“I’m getting myself geared up for what I feel will prepare me and allow me to teach remotely with more fidelity now that I know what I want it to look like,” Rodriguez Webb said.
She and other teachers from suburban Atlanta’s Cobb County School District recently started three weeks of training as they prepare to launch the school year virtually.
With remote learning part of an increasing number of fall reopening plans, districts are facing pressure to improve after many students got left behind this spring in the scramble to close schools during the coronavirus pandemic.
But investment in training varies widely. While some school systems have offered new guidance on teaching from afar, many educators feel like they’re on their own.
More affluent school districts have used the summer to train teachers both on technology and getting the most from students who are learning at least partly online, according to Richard Ferdig, an education technology researcher at Kent State University. Teachers in those districts will perform well, he said.
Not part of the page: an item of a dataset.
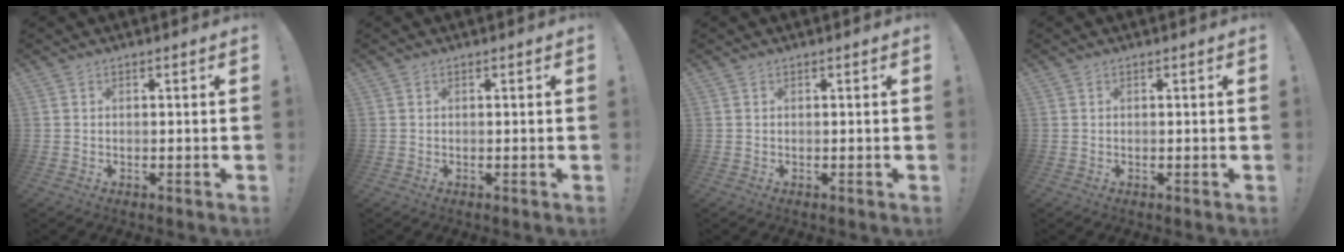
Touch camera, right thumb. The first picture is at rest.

“For the ‘have-nots,’ I’m concerned — not that they couldn’t do it, but that they weren’t necessarily given the right things to do it,” said Ferdig, who edits the Journal of Technology and Teacher Education, which released a special issue and online book dedicated to professional development during the pandemic. “They’ve either been given nothing or they’ve been told, ‘Here’s the tools we bought for you,’ with very little support on how to integrate those tools into” teaching.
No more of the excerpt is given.